--- Data for analysis Enclosed Below ---

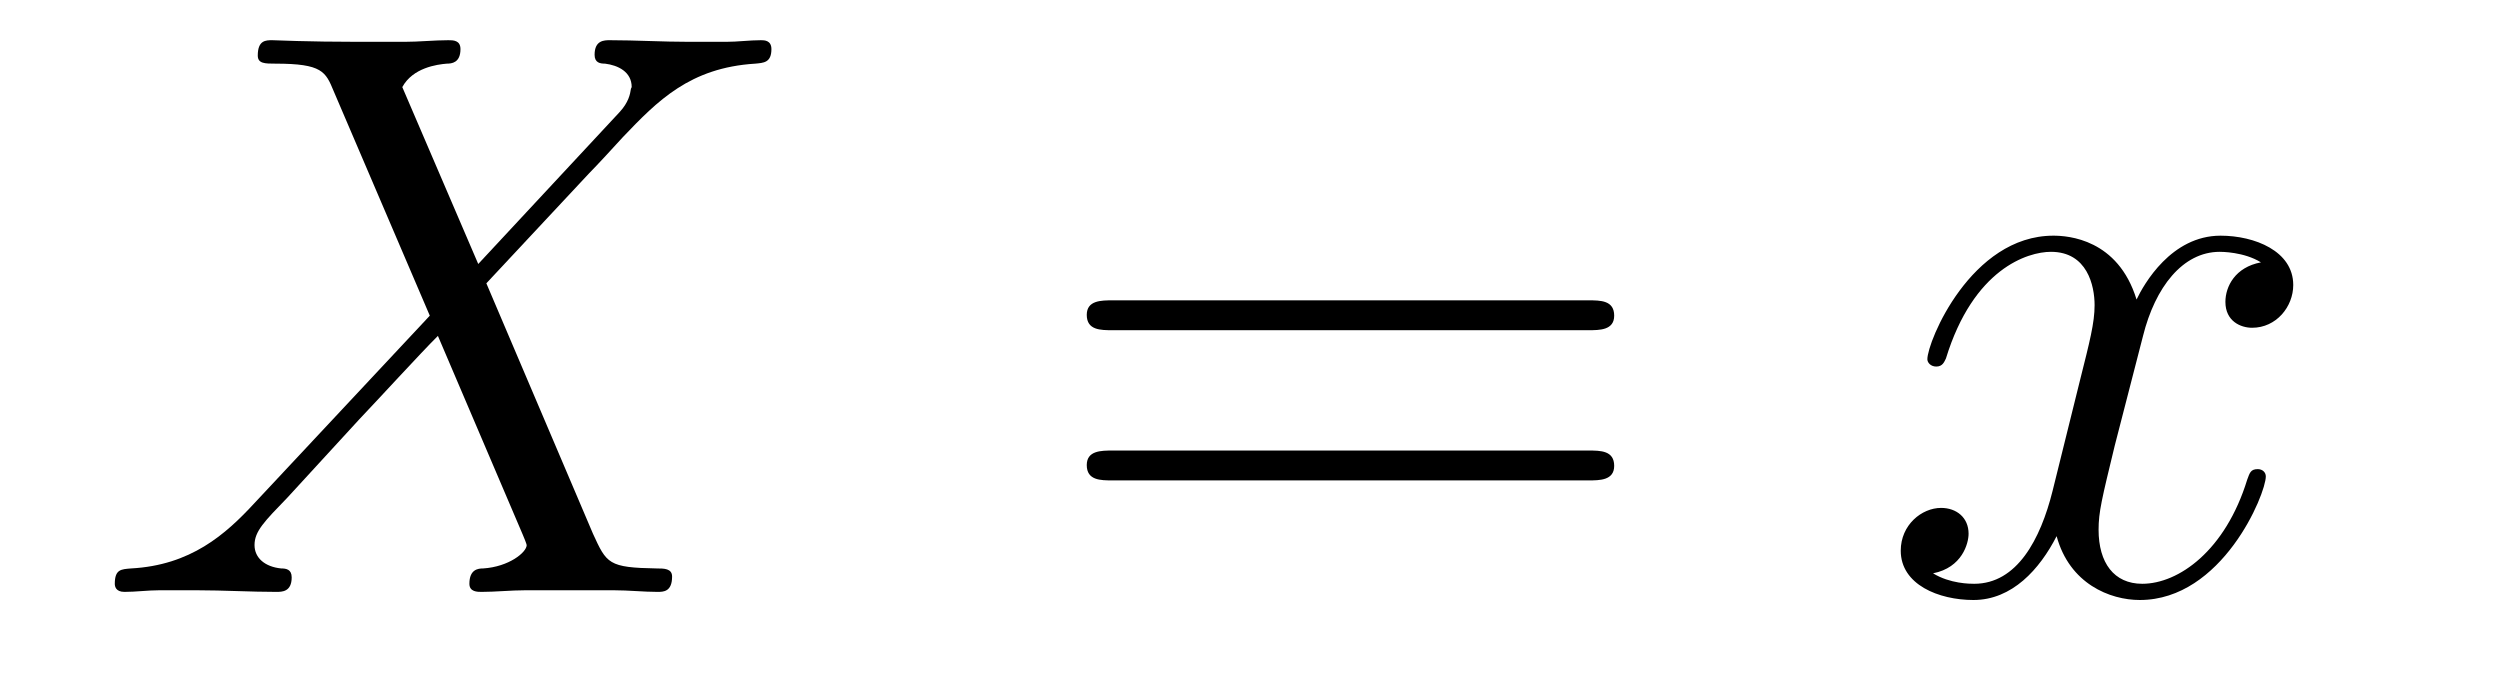 <?xml version='1.0' encoding='UTF-8'?>
<!-- This file was generated by dvisvgm 2.8.1 -->
<svg version='1.1' xmlns='http://www.w3.org/2000/svg' xmlns:xlink='http://www.w3.org/1999/xlink' width='37pt' height='10pt' viewBox='0 -10 37 10'>
<g id='page1'>
<g transform='matrix(1 0 0 -1 -127 653)'>
<path d='M134.078 659.093L132.954 661.711C133.11 661.998 133.468 662.046 133.612 662.058C133.684 662.058 133.815 662.07 133.815 662.273C133.815 662.405 133.707 662.405 133.636 662.405C133.433 662.405 133.193 662.381 132.99 662.381H132.297C131.568 662.381 131.042 662.405 131.03 662.405C130.934 662.405 130.815 662.405 130.815 662.178C130.815 662.058 130.922 662.058 131.078 662.058C131.771 662.058 131.819 661.938 131.938 661.652L133.361 658.328L130.767 655.555C130.337 655.089 129.822 654.634 128.938 654.587C128.794 654.575 128.699 654.575 128.699 654.36C128.699 654.324 128.711 654.24 128.842 654.24C129.01 654.24 129.189 654.264 129.356 654.264H129.918C130.301 654.264 130.719 654.24 131.09 654.24C131.173 654.24 131.317 654.24 131.317 654.455C131.317 654.575 131.233 654.587 131.161 654.587C130.922 654.611 130.767 654.742 130.767 654.933C130.767 655.137 130.91 655.28 131.257 655.639L132.321 656.798C132.584 657.073 133.218 657.767 133.481 658.029L134.736 655.089C134.748 655.065 134.795 654.945 134.795 654.933C134.795 654.826 134.532 654.611 134.15 654.587C134.078 654.587 133.947 654.575 133.947 654.36C133.947 654.24 134.066 654.24 134.126 654.24C134.329 654.24 134.568 654.264 134.772 654.264H136.087C136.302 654.264 136.529 654.24 136.732 654.24C136.816 654.24 136.947 654.24 136.947 654.467C136.947 654.587 136.827 654.587 136.72 654.587C136.003 654.599 135.979 654.658 135.776 655.101L134.198 658.807L135.716 660.432C135.835 660.552 136.11 660.851 136.218 660.97C136.732 661.508 137.21 661.998 138.178 662.058C138.298 662.07 138.417 662.07 138.417 662.273C138.417 662.405 138.31 662.405 138.262 662.405C138.095 662.405 137.915 662.381 137.748 662.381H137.198C136.816 662.381 136.397 662.405 136.027 662.405C135.943 662.405 135.8 662.405 135.8 662.189C135.8 662.07 135.883 662.058 135.955 662.058C136.146 662.034 136.349 661.938 136.349 661.711L136.338 661.687C136.326 661.604 136.302 661.484 136.17 661.341L134.078 659.093Z'/>
<path d='M150.508 658.113C150.675 658.113 150.89 658.113 150.89 658.328C150.89 658.555 150.687 658.555 150.508 658.555H143.467C143.299 658.555 143.084 658.555 143.084 658.34C143.084 658.113 143.288 658.113 143.467 658.113H150.508ZM150.508 655.89C150.675 655.89 150.89 655.89 150.89 656.105C150.89 656.332 150.687 656.332 150.508 656.332H143.467C143.299 656.332 143.084 656.332 143.084 656.117C143.084 655.89 143.288 655.89 143.467 655.89H150.508Z'/>
<path d='M160.462 659.117C160.08 659.046 159.936 658.759 159.936 658.532C159.936 658.245 160.163 658.149 160.331 658.149C160.689 658.149 160.94 658.46 160.94 658.782C160.94 659.285 160.367 659.512 159.864 659.512C159.135 659.512 158.729 658.794 158.621 658.567C158.346 659.464 157.605 659.512 157.39 659.512C156.171 659.512 155.525 657.946 155.525 657.683C155.525 657.635 155.573 657.575 155.657 657.575C155.752 657.575 155.776 657.647 155.8 657.695C156.207 659.022 157.008 659.273 157.354 659.273C157.892 659.273 158 658.771 158 658.484C158 658.221 157.928 657.946 157.784 657.372L157.378 655.734C157.199 655.017 156.852 654.36 156.218 654.36C156.159 654.36 155.86 654.36 155.609 654.515C156.039 654.599 156.135 654.957 156.135 655.101C156.135 655.34 155.956 655.483 155.728 655.483C155.442 655.483 155.131 655.232 155.131 654.85C155.131 654.348 155.693 654.12 156.207 654.12C156.78 654.12 157.187 654.575 157.438 655.065C157.629 654.36 158.227 654.12 158.669 654.12C159.888 654.12 160.534 655.687 160.534 655.949C160.534 656.009 160.486 656.057 160.414 656.057C160.307 656.057 160.295 655.997 160.259 655.902C159.936 654.85 159.243 654.36 158.705 654.36C158.287 654.36 158.059 654.67 158.059 655.16C158.059 655.423 158.107 655.615 158.298 656.404L158.717 658.029C158.896 658.747 159.303 659.273 159.852 659.273C159.877 659.273 160.211 659.273 160.462 659.117Z'/>
</g>
</g>
</svg>

--- End of Enclosed Data for analysis ---

■ **Required action**: Give the records again exactly, without pictures.

■ **Task response**:
 <?xml version='1.0' encoding='UTF-8'?>
<!-- This file was generated by dvisvgm 2.8.1 -->
<svg version='1.1' xmlns='http://www.w3.org/2000/svg' xmlns:xlink='http://www.w3.org/1999/xlink' width='37pt' height='10pt' viewBox='0 -10 37 10'>
<g id='page1'>
<g transform='matrix(1 0 0 -1 -127 653)'>
<path d='M134.078 659.093L132.954 661.711C133.11 661.998 133.468 662.046 133.612 662.058C133.684 662.058 133.815 662.07 133.815 662.273C133.815 662.405 133.707 662.405 133.636 662.405C133.433 662.405 133.193 662.381 132.99 662.381H132.297C131.568 662.381 131.042 662.405 131.03 662.405C130.934 662.405 130.815 662.405 130.815 662.178C130.815 662.058 130.922 662.058 131.078 662.058C131.771 662.058 131.819 661.938 131.938 661.652L133.361 658.328L130.767 655.555C130.337 655.089 129.822 654.634 128.938 654.587C128.794 654.575 128.699 654.575 128.699 654.36C128.699 654.324 128.711 654.24 128.842 654.24C129.01 654.24 129.189 654.264 129.356 654.264H129.918C130.301 654.264 130.719 654.24 131.09 654.24C131.173 654.24 131.317 654.24 131.317 654.455C131.317 654.575 131.233 654.587 131.161 654.587C130.922 654.611 130.767 654.742 130.767 654.933C130.767 655.137 130.91 655.28 131.257 655.639L132.321 656.798C132.584 657.073 133.218 657.767 133.481 658.029L134.736 655.089C134.748 655.065 134.795 654.945 134.795 654.933C134.795 654.826 134.532 654.611 134.15 654.587C134.078 654.587 133.947 654.575 133.947 654.36C133.947 654.24 134.066 654.24 134.126 654.24C134.329 654.24 134.568 654.264 134.772 654.264H136.087C136.302 654.264 136.529 654.24 136.732 654.24C136.816 654.24 136.947 654.24 136.947 654.467C136.947 654.587 136.827 654.587 136.72 654.587C136.003 654.599 135.979 654.658 135.776 655.101L134.198 658.807L135.716 660.432C135.835 660.552 136.11 660.851 136.218 660.97C136.732 661.508 137.21 661.998 138.178 662.058C138.298 662.07 138.417 662.07 138.417 662.273C138.417 662.405 138.31 662.405 138.262 662.405C138.095 662.405 137.915 662.381 137.748 662.381H137.198C136.816 662.381 136.397 662.405 136.027 662.405C135.943 662.405 135.8 662.405 135.8 662.189C135.8 662.07 135.883 662.058 135.955 662.058C136.146 662.034 136.349 661.938 136.349 661.711L136.338 661.687C136.326 661.604 136.302 661.484 136.17 661.341L134.078 659.093Z'/>
<path d='M150.508 658.113C150.675 658.113 150.89 658.113 150.89 658.328C150.89 658.555 150.687 658.555 150.508 658.555H143.467C143.299 658.555 143.084 658.555 143.084 658.34C143.084 658.113 143.288 658.113 143.467 658.113H150.508ZM150.508 655.89C150.675 655.89 150.89 655.89 150.89 656.105C150.89 656.332 150.687 656.332 150.508 656.332H143.467C143.299 656.332 143.084 656.332 143.084 656.117C143.084 655.89 143.288 655.89 143.467 655.89H150.508Z'/>
<path d='M160.462 659.117C160.08 659.046 159.936 658.759 159.936 658.532C159.936 658.245 160.163 658.149 160.331 658.149C160.689 658.149 160.94 658.46 160.94 658.782C160.94 659.285 160.367 659.512 159.864 659.512C159.135 659.512 158.729 658.794 158.621 658.567C158.346 659.464 157.605 659.512 157.39 659.512C156.171 659.512 155.525 657.946 155.525 657.683C155.525 657.635 155.573 657.575 155.657 657.575C155.752 657.575 155.776 657.647 155.8 657.695C156.207 659.022 157.008 659.273 157.354 659.273C157.892 659.273 158 658.771 158 658.484C158 658.221 157.928 657.946 157.784 657.372L157.378 655.734C157.199 655.017 156.852 654.36 156.218 654.36C156.159 654.36 155.86 654.36 155.609 654.515C156.039 654.599 156.135 654.957 156.135 655.101C156.135 655.34 155.956 655.483 155.728 655.483C155.442 655.483 155.131 655.232 155.131 654.85C155.131 654.348 155.693 654.12 156.207 654.12C156.78 654.12 157.187 654.575 157.438 655.065C157.629 654.36 158.227 654.12 158.669 654.12C159.888 654.12 160.534 655.687 160.534 655.949C160.534 656.009 160.486 656.057 160.414 656.057C160.307 656.057 160.295 655.997 160.259 655.902C159.936 654.85 159.243 654.36 158.705 654.36C158.287 654.36 158.059 654.67 158.059 655.16C158.059 655.423 158.107 655.615 158.298 656.404L158.717 658.029C158.896 658.747 159.303 659.273 159.852 659.273C159.877 659.273 160.211 659.273 160.462 659.117Z'/>
</g>
</g>
</svg>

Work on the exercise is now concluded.